> _Exercise_
Without any pictures, print the lines below from the one that has "Crop and leaf condition?" through the one that has "State the crop and the health of the leaf.", exactly and nothing else.

> _Provided data_
[Start of section]

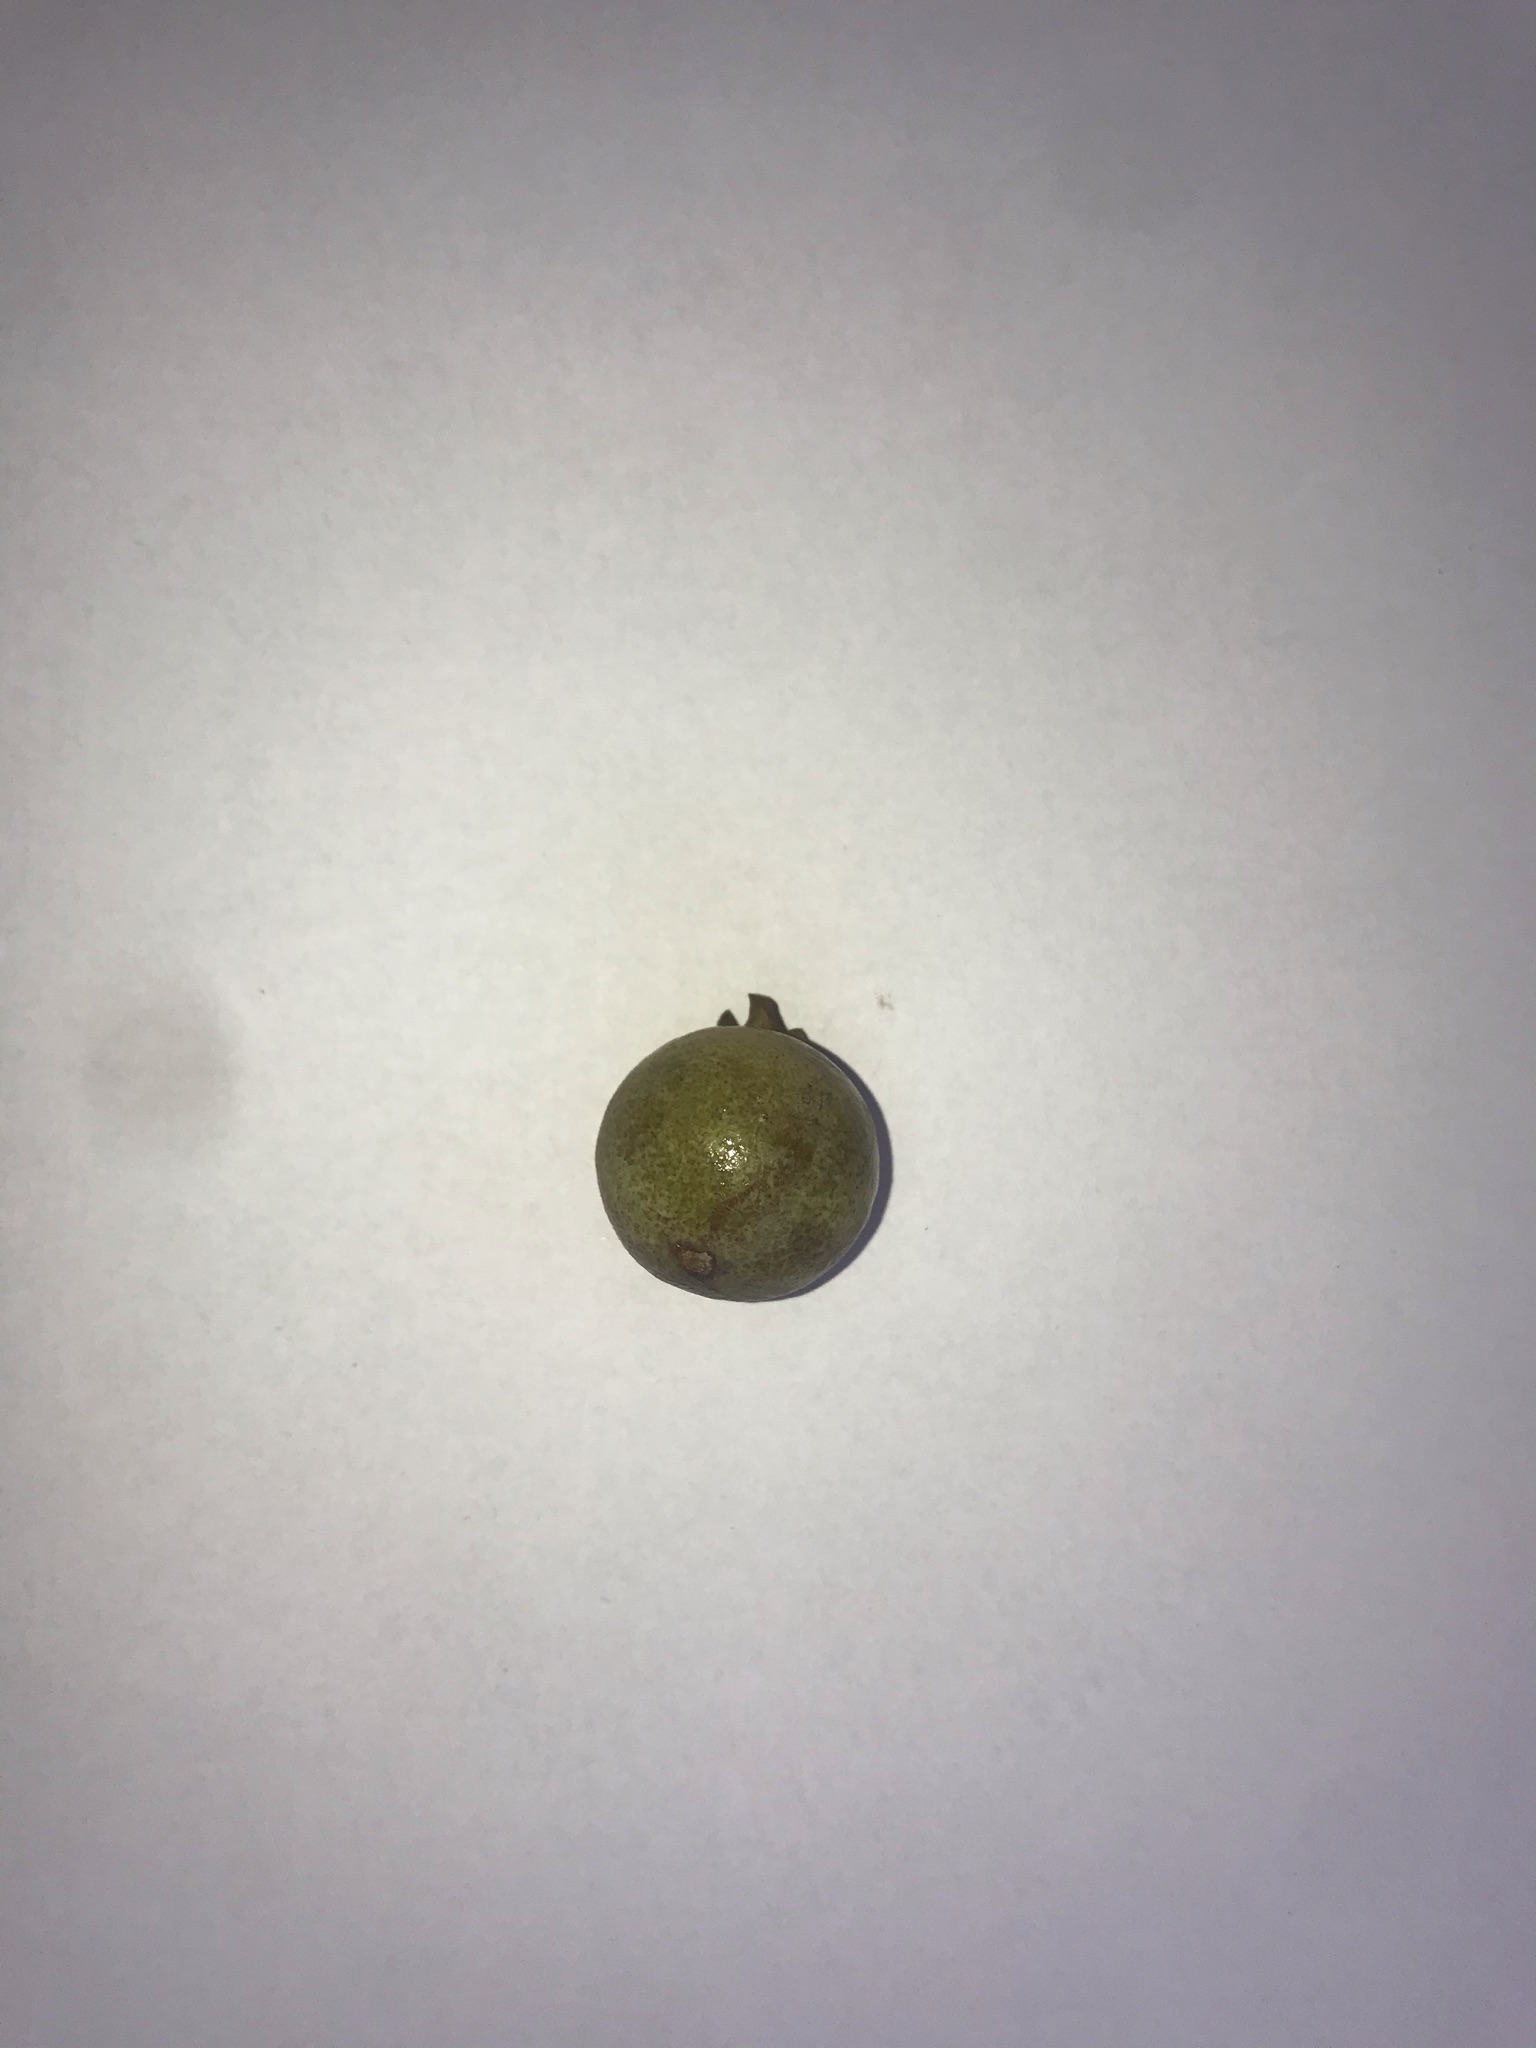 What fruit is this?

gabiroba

[End of section]
[Start of section]

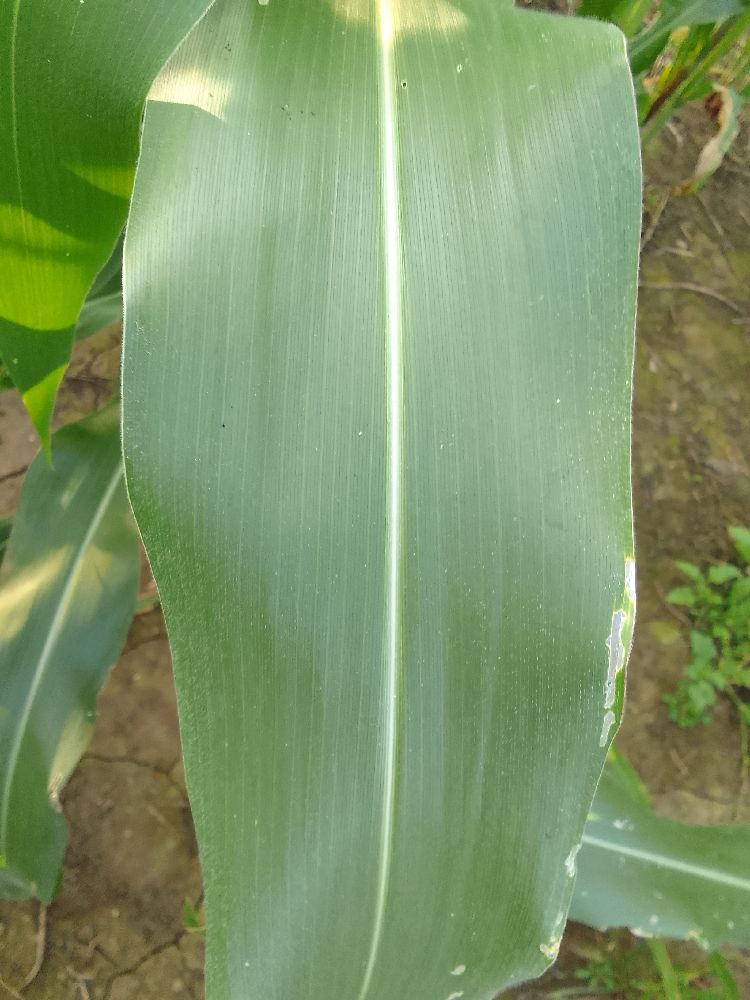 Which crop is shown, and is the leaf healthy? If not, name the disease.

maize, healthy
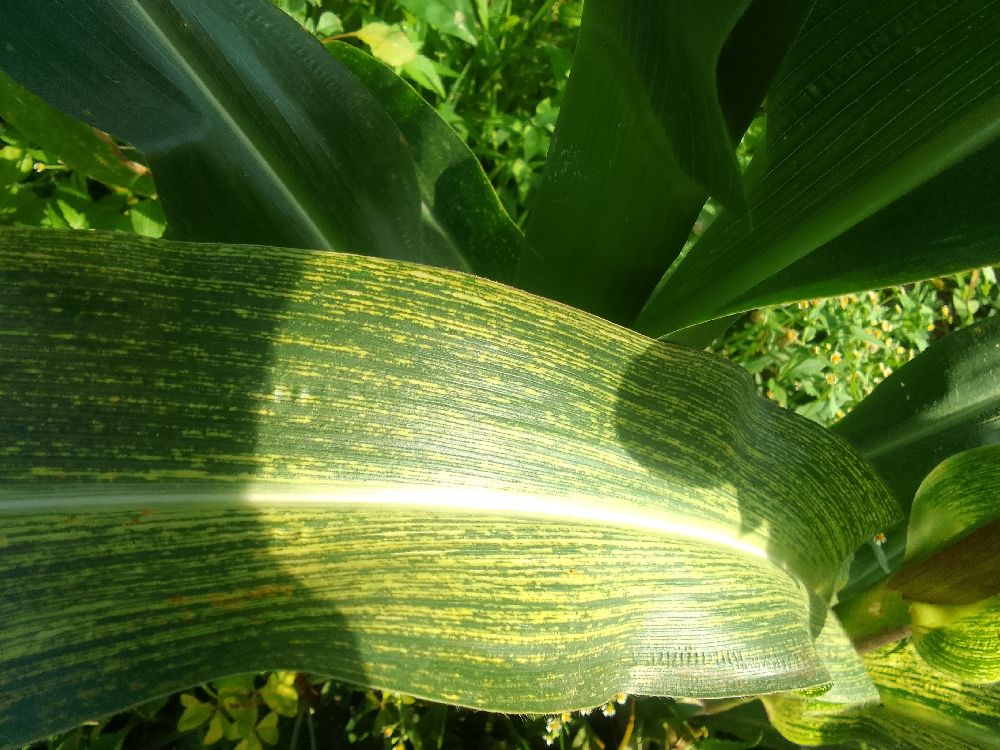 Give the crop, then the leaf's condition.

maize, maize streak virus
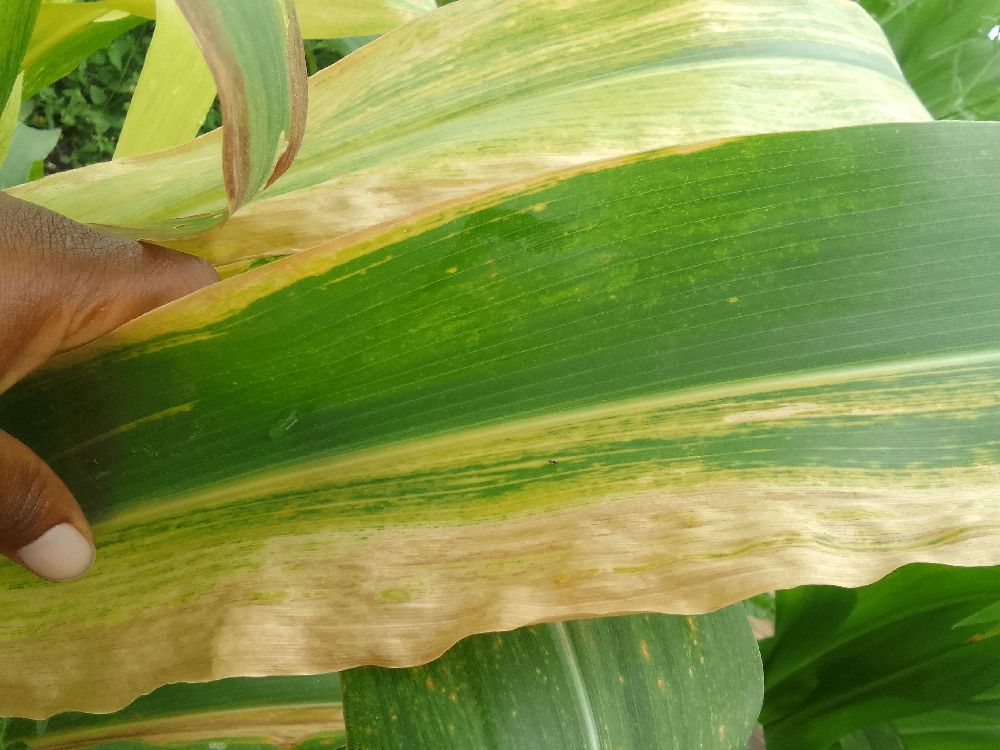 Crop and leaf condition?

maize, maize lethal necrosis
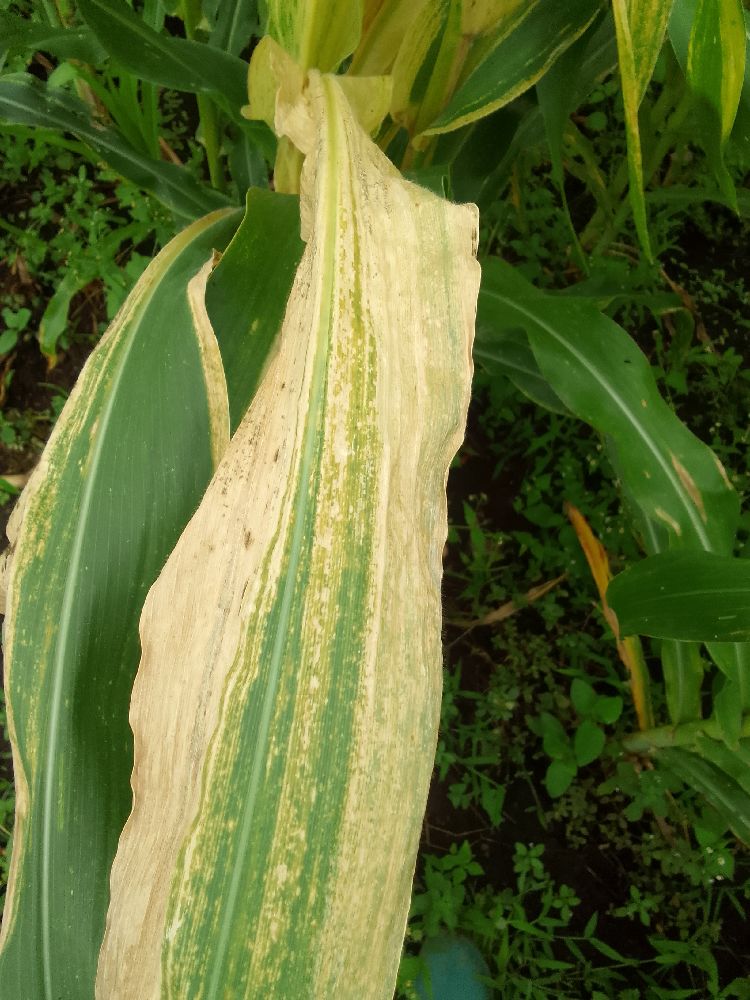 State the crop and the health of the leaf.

[End of section]

> _Output for this exercise_
 Crop and leaf condition?

maize, maize lethal necrosis
 State the crop and the health of the leaf.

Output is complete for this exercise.